Der Umbau der Direktzahlungen ist aus Sicht des Naturschutzes deshalb unumgänglich. Hierzu gebe es erheblichen Diskussionsbedarf, formuliert Krüger. Die gesellschaftlichen Erwartungen an die Landwirtschaft hätten sich geändert. Die Landwirtschaft müsse das Signal aus der Bevölkerung ernst nehmen. Ansonsten fehlten nachher die Geldströme zur Finanzierung des Umbaus. Bei allen unterschiedlichen Ansätzen erkennt Klein einen positiven Trend und einen Änderungswillen bei allen Beteiligten.

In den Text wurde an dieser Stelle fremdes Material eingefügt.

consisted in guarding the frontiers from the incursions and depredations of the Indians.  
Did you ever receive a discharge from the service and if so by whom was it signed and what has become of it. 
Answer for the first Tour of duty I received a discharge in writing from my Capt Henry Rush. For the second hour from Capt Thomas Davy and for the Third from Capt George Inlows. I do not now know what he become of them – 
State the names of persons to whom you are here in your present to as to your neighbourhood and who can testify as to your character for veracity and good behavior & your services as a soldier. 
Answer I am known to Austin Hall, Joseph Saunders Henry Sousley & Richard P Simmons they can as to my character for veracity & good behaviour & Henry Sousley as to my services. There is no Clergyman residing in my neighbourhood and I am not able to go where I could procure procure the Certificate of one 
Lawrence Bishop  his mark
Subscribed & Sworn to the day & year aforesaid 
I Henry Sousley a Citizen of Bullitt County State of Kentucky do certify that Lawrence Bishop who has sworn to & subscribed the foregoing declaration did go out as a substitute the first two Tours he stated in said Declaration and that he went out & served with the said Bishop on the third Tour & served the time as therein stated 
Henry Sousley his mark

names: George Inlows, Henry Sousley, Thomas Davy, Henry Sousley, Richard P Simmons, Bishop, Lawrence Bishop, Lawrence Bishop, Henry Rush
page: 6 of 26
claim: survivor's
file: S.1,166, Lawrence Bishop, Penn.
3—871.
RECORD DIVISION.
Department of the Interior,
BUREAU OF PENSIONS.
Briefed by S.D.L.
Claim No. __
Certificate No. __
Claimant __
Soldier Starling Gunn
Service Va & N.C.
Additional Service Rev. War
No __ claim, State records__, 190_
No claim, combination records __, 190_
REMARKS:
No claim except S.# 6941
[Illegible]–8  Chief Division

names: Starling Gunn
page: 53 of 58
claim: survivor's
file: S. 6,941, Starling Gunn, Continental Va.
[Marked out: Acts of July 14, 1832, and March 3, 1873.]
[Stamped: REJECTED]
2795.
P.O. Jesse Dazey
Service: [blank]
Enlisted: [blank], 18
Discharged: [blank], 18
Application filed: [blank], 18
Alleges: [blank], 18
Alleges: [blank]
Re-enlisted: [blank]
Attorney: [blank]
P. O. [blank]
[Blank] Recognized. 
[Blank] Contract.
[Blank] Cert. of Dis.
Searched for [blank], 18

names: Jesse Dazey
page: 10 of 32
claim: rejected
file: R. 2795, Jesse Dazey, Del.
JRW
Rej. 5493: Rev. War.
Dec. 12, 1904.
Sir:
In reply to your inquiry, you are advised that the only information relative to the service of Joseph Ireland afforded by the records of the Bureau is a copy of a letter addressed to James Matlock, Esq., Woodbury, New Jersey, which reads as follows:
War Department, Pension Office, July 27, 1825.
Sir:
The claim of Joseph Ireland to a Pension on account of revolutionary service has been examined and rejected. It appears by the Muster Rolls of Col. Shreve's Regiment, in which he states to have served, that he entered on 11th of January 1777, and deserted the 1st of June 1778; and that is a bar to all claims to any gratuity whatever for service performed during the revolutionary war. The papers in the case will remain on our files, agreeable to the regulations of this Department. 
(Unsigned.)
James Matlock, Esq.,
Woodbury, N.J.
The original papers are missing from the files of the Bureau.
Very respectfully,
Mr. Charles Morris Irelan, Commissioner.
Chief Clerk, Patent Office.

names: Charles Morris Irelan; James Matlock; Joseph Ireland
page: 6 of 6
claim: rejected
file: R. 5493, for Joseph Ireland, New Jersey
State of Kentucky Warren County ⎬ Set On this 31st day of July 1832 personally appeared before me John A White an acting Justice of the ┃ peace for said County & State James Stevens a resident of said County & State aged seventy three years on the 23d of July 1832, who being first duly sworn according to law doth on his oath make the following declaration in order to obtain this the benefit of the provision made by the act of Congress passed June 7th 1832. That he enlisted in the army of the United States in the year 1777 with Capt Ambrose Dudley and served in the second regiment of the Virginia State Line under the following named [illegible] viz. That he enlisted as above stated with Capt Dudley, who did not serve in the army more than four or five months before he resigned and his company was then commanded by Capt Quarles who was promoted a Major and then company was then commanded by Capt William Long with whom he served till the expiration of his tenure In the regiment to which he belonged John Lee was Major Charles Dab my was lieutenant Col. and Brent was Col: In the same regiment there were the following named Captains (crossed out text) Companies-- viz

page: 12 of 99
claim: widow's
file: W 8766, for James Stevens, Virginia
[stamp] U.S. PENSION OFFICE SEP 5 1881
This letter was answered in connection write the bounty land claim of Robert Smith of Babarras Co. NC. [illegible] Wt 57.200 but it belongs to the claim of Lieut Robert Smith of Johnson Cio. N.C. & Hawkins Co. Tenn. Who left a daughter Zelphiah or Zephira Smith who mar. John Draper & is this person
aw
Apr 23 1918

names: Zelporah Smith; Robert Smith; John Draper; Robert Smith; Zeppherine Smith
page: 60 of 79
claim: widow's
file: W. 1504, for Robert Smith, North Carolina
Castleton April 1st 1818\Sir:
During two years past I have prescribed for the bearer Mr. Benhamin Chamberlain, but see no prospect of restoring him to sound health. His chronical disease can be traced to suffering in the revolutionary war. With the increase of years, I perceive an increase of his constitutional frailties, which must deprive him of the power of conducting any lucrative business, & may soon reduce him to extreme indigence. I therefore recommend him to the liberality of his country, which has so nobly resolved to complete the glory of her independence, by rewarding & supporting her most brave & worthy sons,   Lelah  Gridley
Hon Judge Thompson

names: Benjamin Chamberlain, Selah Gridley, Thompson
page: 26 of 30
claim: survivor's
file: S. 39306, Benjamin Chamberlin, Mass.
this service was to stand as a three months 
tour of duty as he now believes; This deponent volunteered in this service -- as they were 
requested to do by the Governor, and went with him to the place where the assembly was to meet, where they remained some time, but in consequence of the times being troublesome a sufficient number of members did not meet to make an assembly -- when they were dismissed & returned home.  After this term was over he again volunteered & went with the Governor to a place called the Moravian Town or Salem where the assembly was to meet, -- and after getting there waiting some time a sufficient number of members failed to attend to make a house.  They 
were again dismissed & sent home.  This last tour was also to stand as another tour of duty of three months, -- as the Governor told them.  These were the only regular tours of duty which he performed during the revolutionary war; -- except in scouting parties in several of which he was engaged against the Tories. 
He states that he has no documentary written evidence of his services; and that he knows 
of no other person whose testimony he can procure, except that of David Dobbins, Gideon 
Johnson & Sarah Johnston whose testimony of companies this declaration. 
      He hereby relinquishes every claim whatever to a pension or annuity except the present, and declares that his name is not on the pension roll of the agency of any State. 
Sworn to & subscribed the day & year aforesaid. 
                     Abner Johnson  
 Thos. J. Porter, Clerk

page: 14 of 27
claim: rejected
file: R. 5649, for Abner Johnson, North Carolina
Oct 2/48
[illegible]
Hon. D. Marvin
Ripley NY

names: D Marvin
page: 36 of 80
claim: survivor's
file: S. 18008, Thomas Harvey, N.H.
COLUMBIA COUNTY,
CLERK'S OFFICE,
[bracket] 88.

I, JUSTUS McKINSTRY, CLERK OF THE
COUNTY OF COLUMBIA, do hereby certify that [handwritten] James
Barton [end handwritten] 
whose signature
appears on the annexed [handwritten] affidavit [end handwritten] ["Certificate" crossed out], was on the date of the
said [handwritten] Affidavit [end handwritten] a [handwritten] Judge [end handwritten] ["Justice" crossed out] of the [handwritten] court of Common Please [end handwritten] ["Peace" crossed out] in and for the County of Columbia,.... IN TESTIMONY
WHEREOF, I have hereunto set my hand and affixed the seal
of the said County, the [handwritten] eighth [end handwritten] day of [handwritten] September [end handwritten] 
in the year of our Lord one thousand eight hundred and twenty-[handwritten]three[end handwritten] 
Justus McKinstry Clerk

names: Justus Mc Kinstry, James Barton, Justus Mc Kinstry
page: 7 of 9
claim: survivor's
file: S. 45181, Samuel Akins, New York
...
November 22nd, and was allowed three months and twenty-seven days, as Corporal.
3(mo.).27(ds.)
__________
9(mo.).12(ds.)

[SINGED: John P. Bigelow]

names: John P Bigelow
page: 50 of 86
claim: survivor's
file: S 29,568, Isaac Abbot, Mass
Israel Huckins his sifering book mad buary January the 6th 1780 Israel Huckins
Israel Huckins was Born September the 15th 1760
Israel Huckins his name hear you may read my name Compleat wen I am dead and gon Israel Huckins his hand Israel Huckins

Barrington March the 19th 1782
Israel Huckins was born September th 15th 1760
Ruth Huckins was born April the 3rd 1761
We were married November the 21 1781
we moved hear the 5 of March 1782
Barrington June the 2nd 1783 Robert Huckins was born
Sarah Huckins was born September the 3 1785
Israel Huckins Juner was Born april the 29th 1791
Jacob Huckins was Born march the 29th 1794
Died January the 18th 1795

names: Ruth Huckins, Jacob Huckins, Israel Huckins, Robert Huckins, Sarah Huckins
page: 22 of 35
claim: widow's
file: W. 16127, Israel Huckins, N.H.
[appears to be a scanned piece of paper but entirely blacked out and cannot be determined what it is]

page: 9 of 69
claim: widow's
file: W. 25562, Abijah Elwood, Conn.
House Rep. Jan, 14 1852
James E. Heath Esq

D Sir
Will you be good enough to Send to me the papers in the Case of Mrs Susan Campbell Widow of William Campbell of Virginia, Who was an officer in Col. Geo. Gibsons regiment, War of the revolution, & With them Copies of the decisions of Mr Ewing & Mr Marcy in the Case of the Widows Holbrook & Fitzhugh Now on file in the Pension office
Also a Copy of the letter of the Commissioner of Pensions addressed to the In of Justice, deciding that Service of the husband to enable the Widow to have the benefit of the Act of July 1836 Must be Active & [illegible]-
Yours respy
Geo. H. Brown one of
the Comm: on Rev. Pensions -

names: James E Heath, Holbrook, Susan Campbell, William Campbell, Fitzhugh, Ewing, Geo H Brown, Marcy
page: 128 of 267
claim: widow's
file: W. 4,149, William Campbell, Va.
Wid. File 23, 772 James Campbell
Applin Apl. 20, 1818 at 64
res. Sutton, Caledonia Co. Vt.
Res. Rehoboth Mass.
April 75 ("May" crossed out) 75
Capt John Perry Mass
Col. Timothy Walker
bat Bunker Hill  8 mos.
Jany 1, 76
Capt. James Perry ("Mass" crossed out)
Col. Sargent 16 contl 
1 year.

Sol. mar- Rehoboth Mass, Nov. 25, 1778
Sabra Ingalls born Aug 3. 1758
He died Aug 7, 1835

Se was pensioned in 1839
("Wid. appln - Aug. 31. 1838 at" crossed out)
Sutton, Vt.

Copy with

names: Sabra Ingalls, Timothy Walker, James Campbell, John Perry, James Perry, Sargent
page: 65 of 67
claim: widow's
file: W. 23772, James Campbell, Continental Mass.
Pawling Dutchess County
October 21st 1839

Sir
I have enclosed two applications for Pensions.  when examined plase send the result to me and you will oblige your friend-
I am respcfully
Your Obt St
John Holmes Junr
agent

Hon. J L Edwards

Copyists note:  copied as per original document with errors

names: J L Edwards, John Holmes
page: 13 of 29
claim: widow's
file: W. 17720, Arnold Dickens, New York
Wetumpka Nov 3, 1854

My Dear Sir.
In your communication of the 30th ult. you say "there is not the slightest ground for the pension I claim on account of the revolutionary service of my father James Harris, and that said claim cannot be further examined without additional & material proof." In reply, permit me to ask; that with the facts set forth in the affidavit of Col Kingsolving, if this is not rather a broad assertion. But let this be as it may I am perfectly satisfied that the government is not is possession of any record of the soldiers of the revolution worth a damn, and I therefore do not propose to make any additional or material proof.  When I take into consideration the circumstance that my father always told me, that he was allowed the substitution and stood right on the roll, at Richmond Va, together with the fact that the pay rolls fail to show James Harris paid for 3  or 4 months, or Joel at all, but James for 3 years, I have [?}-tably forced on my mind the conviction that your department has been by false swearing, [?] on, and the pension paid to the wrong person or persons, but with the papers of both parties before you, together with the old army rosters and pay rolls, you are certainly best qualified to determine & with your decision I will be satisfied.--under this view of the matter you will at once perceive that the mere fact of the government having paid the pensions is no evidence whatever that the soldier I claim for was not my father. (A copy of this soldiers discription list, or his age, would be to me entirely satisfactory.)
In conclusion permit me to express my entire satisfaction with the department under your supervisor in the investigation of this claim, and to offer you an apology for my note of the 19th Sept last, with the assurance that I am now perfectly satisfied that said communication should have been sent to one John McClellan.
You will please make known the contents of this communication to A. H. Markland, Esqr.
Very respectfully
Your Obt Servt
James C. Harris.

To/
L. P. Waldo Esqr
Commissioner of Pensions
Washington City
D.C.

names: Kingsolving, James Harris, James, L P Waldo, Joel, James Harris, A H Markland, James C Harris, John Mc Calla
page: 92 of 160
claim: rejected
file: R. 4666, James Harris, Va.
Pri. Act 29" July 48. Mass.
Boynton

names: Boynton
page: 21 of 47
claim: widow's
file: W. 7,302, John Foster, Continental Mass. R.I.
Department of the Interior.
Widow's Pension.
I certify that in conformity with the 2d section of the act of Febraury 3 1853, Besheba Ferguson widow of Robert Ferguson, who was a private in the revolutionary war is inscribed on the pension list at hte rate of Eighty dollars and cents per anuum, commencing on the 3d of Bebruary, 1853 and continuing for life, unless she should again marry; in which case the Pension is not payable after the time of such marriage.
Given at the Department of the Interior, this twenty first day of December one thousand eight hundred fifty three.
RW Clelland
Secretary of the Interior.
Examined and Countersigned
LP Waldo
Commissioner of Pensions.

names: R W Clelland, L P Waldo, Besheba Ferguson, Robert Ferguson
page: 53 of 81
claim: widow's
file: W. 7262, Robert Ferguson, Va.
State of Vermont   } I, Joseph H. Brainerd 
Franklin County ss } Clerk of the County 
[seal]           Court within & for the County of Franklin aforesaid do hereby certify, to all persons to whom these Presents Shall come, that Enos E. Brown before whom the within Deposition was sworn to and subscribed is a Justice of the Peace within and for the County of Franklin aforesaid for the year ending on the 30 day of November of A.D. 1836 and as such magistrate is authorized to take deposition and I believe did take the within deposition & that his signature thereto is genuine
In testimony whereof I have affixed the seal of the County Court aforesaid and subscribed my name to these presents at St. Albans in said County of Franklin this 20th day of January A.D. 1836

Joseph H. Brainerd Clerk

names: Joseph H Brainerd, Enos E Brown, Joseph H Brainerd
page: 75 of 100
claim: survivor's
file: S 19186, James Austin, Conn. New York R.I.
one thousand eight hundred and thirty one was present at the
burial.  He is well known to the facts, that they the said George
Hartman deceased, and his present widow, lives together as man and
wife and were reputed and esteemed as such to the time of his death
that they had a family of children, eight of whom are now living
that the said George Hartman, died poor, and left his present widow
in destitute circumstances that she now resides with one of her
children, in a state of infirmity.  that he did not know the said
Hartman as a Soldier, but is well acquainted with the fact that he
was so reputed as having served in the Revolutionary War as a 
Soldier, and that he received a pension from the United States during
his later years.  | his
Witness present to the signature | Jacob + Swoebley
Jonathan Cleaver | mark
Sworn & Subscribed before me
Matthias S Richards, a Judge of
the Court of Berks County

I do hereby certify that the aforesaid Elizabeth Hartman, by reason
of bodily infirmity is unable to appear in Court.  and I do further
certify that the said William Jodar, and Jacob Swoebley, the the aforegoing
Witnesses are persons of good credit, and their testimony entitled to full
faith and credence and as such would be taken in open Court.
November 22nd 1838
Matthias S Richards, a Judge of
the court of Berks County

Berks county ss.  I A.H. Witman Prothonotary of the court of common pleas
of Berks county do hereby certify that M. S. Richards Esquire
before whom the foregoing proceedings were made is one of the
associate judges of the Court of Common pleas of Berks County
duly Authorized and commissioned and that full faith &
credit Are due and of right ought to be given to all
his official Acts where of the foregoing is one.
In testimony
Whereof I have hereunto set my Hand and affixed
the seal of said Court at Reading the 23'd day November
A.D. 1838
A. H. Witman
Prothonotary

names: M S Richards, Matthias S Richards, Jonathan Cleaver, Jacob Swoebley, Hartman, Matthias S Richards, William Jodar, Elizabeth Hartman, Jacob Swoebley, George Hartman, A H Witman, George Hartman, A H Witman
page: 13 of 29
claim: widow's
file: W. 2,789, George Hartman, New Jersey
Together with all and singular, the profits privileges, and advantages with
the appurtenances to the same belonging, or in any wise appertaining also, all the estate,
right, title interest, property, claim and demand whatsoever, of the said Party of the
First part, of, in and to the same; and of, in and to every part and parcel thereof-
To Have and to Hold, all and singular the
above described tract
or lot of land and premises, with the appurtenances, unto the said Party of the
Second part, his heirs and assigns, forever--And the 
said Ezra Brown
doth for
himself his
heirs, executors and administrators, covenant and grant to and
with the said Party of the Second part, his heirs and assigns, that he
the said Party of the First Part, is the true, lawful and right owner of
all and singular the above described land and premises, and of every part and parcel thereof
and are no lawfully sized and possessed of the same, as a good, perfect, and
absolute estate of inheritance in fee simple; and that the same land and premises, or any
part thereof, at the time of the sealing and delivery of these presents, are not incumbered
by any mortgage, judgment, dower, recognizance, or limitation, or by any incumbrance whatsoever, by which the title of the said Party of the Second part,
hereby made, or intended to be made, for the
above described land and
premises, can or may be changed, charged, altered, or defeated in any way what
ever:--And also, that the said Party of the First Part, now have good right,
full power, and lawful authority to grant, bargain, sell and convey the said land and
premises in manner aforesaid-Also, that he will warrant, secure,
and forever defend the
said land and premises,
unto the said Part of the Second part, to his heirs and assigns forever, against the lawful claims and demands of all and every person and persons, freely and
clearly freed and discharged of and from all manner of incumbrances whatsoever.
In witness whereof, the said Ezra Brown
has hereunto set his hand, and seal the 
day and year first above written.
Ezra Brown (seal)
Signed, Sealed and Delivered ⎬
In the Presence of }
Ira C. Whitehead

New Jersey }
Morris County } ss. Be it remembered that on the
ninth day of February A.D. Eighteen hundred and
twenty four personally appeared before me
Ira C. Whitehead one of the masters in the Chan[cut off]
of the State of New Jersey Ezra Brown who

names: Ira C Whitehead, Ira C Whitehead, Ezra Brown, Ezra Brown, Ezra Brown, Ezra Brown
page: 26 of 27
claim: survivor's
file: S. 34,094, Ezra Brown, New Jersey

In der Schlussrunde bestätigt auch die Praktikerin Peters, dass man sich nicht verschließen dürfe. Eine Beteiligung an der gesellschaftlichen Diskussion sei wichtig, um die Rahmenbedingungen mitgestalten zu können. Die Aufgabe für die Industrie sieht Köbele darin, mit innovativen Ansätzen stärker in die Fläche zu wirken. Werkzeuge wie die Biodiversitätsberatung oder der Einsatz digitaler Technologien seien dafür geeignet. Als absolut notwendig betrachtet es Klein, die Rahmenbedingungen der Förderpolitik anzupassen. Für Krüger gehört es zur Aufgabe der Zukunftskommission, der er angehört, Ziele zu formulieren, aus den Einzelbetrachtungen herauszukommen und daraus eine sinnvolle Förderpolitik zu entwickeln. Alles andere sei Stückwerk.